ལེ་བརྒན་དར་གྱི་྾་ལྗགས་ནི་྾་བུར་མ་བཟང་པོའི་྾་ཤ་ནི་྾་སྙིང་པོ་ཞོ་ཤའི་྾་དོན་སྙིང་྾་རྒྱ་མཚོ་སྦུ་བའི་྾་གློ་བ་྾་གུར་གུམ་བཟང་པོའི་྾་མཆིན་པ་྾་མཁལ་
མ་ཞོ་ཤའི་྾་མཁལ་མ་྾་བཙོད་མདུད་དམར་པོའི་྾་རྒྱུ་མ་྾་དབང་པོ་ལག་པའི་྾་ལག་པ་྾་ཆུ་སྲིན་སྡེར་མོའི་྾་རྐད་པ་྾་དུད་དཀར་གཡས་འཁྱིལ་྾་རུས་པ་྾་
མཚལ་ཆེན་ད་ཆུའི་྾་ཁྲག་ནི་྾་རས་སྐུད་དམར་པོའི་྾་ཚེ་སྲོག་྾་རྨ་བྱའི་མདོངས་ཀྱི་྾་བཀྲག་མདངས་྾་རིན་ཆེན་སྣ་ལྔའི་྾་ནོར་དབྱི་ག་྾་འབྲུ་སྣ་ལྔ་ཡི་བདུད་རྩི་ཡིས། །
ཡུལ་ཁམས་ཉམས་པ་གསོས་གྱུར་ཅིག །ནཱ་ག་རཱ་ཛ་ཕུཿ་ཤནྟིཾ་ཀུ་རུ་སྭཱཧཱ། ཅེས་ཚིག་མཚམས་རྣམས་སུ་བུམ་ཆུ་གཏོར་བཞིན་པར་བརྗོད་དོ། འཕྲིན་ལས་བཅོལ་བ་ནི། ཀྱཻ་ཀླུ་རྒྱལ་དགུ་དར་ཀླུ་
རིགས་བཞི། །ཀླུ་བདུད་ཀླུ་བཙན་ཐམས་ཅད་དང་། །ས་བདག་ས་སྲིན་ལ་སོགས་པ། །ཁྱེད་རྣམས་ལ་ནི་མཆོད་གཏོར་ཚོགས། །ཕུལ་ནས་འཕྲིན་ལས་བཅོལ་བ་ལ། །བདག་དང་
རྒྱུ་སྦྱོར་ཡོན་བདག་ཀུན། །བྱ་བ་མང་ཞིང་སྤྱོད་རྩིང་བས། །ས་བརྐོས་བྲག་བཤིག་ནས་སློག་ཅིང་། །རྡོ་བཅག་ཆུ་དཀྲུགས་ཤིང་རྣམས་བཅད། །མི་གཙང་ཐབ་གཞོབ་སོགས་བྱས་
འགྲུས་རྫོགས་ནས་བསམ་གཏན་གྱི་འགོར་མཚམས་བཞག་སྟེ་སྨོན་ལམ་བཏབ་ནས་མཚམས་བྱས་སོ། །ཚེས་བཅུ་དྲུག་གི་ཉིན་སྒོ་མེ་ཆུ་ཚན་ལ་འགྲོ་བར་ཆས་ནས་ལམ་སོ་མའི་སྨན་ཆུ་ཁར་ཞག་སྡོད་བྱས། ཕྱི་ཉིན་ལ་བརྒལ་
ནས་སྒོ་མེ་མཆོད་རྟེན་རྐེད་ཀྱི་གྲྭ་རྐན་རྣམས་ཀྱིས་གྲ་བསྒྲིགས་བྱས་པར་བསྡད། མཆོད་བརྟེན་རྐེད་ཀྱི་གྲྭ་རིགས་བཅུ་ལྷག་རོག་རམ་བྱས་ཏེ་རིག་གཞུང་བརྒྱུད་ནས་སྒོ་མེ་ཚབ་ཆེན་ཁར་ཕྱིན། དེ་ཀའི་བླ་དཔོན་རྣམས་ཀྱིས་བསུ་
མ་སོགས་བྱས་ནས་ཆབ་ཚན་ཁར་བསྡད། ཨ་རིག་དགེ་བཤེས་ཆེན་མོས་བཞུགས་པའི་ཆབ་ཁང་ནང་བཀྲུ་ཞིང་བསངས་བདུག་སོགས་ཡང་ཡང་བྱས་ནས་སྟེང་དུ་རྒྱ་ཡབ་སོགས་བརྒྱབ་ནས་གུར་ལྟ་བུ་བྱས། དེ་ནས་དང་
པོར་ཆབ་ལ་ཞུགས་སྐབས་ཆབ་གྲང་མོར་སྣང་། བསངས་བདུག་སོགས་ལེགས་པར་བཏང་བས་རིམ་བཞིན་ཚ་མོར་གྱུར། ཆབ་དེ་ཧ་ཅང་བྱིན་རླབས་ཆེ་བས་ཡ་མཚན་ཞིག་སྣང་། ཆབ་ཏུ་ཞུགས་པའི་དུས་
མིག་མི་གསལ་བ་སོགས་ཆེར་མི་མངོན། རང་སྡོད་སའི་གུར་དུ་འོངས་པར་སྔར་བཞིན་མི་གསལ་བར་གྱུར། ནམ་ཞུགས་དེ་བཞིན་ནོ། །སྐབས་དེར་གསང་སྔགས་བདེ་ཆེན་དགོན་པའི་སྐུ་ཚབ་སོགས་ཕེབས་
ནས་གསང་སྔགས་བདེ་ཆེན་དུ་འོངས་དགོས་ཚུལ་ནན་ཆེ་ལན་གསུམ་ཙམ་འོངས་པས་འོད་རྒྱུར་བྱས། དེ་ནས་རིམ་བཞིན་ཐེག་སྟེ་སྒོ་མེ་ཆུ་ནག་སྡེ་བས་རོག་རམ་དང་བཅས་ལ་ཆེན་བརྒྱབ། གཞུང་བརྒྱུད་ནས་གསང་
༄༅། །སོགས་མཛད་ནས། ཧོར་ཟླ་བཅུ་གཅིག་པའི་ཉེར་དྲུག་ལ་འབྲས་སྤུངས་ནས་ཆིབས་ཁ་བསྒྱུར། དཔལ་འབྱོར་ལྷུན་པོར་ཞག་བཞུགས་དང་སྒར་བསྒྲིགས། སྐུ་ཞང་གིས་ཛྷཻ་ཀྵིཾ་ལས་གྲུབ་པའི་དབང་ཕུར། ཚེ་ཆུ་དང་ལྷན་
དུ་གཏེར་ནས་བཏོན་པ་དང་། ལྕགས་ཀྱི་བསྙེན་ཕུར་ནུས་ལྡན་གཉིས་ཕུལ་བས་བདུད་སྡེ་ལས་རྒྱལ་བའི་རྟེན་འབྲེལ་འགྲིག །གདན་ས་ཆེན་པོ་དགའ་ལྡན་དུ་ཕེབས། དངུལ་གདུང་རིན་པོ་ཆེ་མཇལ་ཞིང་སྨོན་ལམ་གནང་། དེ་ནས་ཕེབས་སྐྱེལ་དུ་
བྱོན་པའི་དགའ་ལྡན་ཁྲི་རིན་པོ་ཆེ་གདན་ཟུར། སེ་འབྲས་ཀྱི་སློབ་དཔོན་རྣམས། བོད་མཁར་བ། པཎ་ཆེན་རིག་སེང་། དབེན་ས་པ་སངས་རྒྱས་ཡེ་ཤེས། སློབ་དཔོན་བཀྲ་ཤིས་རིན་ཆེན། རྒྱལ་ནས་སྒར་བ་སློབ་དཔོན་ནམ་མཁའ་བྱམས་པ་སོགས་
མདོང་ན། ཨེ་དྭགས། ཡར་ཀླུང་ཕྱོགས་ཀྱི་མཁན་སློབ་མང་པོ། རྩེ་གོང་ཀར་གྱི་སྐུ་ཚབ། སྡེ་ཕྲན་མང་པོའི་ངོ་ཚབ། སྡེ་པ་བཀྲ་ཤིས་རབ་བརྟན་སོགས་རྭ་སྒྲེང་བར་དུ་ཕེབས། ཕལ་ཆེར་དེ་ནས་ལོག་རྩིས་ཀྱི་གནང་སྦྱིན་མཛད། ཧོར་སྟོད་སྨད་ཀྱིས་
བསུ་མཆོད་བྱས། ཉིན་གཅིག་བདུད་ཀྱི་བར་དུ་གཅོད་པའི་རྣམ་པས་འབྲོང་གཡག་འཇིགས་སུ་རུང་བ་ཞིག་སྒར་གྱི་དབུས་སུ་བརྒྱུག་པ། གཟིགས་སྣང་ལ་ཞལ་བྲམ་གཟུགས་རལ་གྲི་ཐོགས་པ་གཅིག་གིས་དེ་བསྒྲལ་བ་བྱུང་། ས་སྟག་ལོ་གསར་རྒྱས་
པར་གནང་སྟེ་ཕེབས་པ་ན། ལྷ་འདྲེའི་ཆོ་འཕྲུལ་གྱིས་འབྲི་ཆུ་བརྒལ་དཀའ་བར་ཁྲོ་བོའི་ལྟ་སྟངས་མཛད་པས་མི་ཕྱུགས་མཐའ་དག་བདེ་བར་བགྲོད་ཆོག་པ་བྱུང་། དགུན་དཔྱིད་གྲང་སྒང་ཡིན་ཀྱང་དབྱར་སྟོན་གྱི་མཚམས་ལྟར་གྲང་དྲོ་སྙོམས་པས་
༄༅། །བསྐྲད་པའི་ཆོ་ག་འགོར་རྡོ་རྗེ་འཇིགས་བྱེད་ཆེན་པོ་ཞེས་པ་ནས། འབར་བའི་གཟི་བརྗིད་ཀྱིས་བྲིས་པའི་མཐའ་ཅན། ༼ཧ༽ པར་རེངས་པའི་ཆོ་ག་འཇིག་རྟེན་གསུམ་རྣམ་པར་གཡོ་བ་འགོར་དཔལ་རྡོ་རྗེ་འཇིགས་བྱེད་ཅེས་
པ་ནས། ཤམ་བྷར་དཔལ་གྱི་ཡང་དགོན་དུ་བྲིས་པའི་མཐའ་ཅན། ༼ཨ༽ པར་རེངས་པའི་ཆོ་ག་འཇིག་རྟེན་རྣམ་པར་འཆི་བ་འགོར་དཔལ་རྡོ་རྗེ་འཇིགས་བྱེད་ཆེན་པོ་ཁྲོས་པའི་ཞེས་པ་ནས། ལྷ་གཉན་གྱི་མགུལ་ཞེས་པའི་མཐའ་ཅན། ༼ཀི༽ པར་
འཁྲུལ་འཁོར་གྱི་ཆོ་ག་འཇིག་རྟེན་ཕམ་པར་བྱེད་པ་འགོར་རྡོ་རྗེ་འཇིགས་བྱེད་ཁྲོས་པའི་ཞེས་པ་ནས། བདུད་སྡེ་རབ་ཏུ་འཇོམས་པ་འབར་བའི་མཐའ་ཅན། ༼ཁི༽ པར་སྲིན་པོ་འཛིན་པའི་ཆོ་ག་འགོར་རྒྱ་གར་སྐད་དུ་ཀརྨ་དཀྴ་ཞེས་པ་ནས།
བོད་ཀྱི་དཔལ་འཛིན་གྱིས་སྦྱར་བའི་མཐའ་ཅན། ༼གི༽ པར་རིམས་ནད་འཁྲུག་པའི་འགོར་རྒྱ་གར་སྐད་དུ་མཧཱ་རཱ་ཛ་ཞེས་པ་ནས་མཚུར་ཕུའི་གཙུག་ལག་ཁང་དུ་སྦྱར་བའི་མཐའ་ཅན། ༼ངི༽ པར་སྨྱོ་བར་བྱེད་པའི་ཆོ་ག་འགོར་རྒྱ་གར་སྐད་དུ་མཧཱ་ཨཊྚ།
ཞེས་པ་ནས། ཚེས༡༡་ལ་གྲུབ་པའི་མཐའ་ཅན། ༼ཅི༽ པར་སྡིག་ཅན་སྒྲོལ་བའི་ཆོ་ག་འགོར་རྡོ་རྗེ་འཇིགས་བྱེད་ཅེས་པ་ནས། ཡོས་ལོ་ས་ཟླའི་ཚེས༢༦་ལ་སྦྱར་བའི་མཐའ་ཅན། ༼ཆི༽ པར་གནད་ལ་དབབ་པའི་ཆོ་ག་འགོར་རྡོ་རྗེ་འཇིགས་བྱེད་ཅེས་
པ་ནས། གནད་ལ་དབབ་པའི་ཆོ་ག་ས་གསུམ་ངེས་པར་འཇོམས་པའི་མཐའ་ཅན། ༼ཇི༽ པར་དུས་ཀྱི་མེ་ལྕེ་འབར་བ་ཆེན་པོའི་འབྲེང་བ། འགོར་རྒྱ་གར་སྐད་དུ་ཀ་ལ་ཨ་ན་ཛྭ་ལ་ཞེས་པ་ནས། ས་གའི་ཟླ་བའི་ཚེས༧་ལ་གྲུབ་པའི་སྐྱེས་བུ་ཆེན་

- What this task involves
Beginning with the line that has "རིགས་བཞི། །ཀླུ་བདུད་ཀླུ་བཙན་ཐམས་ཅད་དང་། །ས་བདག་ས་སྲིན་ལ་སོགས་པ།" and ending with the line that has "མདོང་ན། ཨེ་དྭགས། ཡར་ཀླུང་ཕྱོགས་ཀྱི་མཁན་སློབ་མང་པོ།", set down the lines above exactly and include no others.

- Exercise response
རིགས་བཞི། །ཀླུ་བདུད་ཀླུ་བཙན་ཐམས་ཅད་དང་། །ས་བདག་ས་སྲིན་ལ་སོགས་པ། །ཁྱེད་རྣམས་ལ་ནི་མཆོད་གཏོར་ཚོགས། །ཕུལ་ནས་འཕྲིན་ལས་བཅོལ་བ་ལ། །བདག་དང་
རྒྱུ་སྦྱོར་ཡོན་བདག་ཀུན། །བྱ་བ་མང་ཞིང་སྤྱོད་རྩིང་བས། །ས་བརྐོས་བྲག་བཤིག་ནས་སློག་ཅིང་། །རྡོ་བཅག་ཆུ་དཀྲུགས་ཤིང་རྣམས་བཅད། །མི་གཙང་ཐབ་གཞོབ་སོགས་བྱས་
འགྲུས་རྫོགས་ནས་བསམ་གཏན་གྱི་འགོར་མཚམས་བཞག་སྟེ་སྨོན་ལམ་བཏབ་ནས་མཚམས་བྱས་སོ། །ཚེས་བཅུ་དྲུག་གི་ཉིན་སྒོ་མེ་ཆུ་ཚན་ལ་འགྲོ་བར་ཆས་ནས་ལམ་སོ་མའི་སྨན་ཆུ་ཁར་ཞག་སྡོད་བྱས། ཕྱི་ཉིན་ལ་བརྒལ་
ནས་སྒོ་མེ་མཆོད་རྟེན་རྐེད་ཀྱི་གྲྭ་རྐན་རྣམས་ཀྱིས་གྲ་བསྒྲིགས་བྱས་པར་བསྡད། མཆོད་བརྟེན་རྐེད་ཀྱི་གྲྭ་རིགས་བཅུ་ལྷག་རོག་རམ་བྱས་ཏེ་རིག་གཞུང་བརྒྱུད་ནས་སྒོ་མེ་ཚབ་ཆེན་ཁར་ཕྱིན། དེ་ཀའི་བླ་དཔོན་རྣམས་ཀྱིས་བསུ་
མ་སོགས་བྱས་ནས་ཆབ་ཚན་ཁར་བསྡད། ཨ་རིག་དགེ་བཤེས་ཆེན་མོས་བཞུགས་པའི་ཆབ་ཁང་ནང་བཀྲུ་ཞིང་བསངས་བདུག་སོགས་ཡང་ཡང་བྱས་ནས་སྟེང་དུ་རྒྱ་ཡབ་སོགས་བརྒྱབ་ནས་གུར་ལྟ་བུ་བྱས། དེ་ནས་དང་
པོར་ཆབ་ལ་ཞུགས་སྐབས་ཆབ་གྲང་མོར་སྣང་། བསངས་བདུག་སོགས་ལེགས་པར་བཏང་བས་རིམ་བཞིན་ཚ་མོར་གྱུར། ཆབ་དེ་ཧ་ཅང་བྱིན་རླབས་ཆེ་བས་ཡ་མཚན་ཞིག་སྣང་། ཆབ་ཏུ་ཞུགས་པའི་དུས་
མིག་མི་གསལ་བ་སོགས་ཆེར་མི་མངོན། རང་སྡོད་སའི་གུར་དུ་འོངས་པར་སྔར་བཞིན་མི་གསལ་བར་གྱུར། ནམ་ཞུགས་དེ་བཞིན་ནོ། །སྐབས་དེར་གསང་སྔགས་བདེ་ཆེན་དགོན་པའི་སྐུ་ཚབ་སོགས་ཕེབས་
ནས་གསང་སྔགས་བདེ་ཆེན་དུ་འོངས་དགོས་ཚུལ་ནན་ཆེ་ལན་གསུམ་ཙམ་འོངས་པས་འོད་རྒྱུར་བྱས། དེ་ནས་རིམ་བཞིན་ཐེག་སྟེ་སྒོ་མེ་ཆུ་ནག་སྡེ་བས་རོག་རམ་དང་བཅས་ལ་ཆེན་བརྒྱབ། གཞུང་བརྒྱུད་ནས་གསང་
༄༅། །སོགས་མཛད་ནས། ཧོར་ཟླ་བཅུ་གཅིག་པའི་ཉེར་དྲུག་ལ་འབྲས་སྤུངས་ནས་ཆིབས་ཁ་བསྒྱུར། དཔལ་འབྱོར་ལྷུན་པོར་ཞག་བཞུགས་དང་སྒར་བསྒྲིགས། སྐུ་ཞང་གིས་ཛྷཻ་ཀྵིཾ་ལས་གྲུབ་པའི་དབང་ཕུར། ཚེ་ཆུ་དང་ལྷན་
དུ་གཏེར་ནས་བཏོན་པ་དང་། ལྕགས་ཀྱི་བསྙེན་ཕུར་ནུས་ལྡན་གཉིས་ཕུལ་བས་བདུད་སྡེ་ལས་རྒྱལ་བའི་རྟེན་འབྲེལ་འགྲིག །གདན་ས་ཆེན་པོ་དགའ་ལྡན་དུ་ཕེབས། དངུལ་གདུང་རིན་པོ་ཆེ་མཇལ་ཞིང་སྨོན་ལམ་གནང་། དེ་ནས་ཕེབས་སྐྱེལ་དུ་
བྱོན་པའི་དགའ་ལྡན་ཁྲི་རིན་པོ་ཆེ་གདན་ཟུར། སེ་འབྲས་ཀྱི་སློབ་དཔོན་རྣམས། བོད་མཁར་བ། པཎ་ཆེན་རིག་སེང་། དབེན་ས་པ་སངས་རྒྱས་ཡེ་ཤེས། སློབ་དཔོན་བཀྲ་ཤིས་རིན་ཆེན། རྒྱལ་ནས་སྒར་བ་སློབ་དཔོན་ནམ་མཁའ་བྱམས་པ་སོགས་
མདོང་ན། ཨེ་དྭགས། ཡར་ཀླུང་ཕྱོགས་ཀྱི་མཁན་སློབ་མང་པོ། རྩེ་གོང་ཀར་གྱི་སྐུ་ཚབ། སྡེ་ཕྲན་མང་པོའི་ངོ་ཚབ། སྡེ་པ་བཀྲ་ཤིས་རབ་བརྟན་སོགས་རྭ་སྒྲེང་བར་དུ་ཕེབས། ཕལ་ཆེར་དེ་ནས་ལོག་རྩིས་ཀྱི་གནང་སྦྱིན་མཛད། ཧོར་སྟོད་སྨད་ཀྱིས་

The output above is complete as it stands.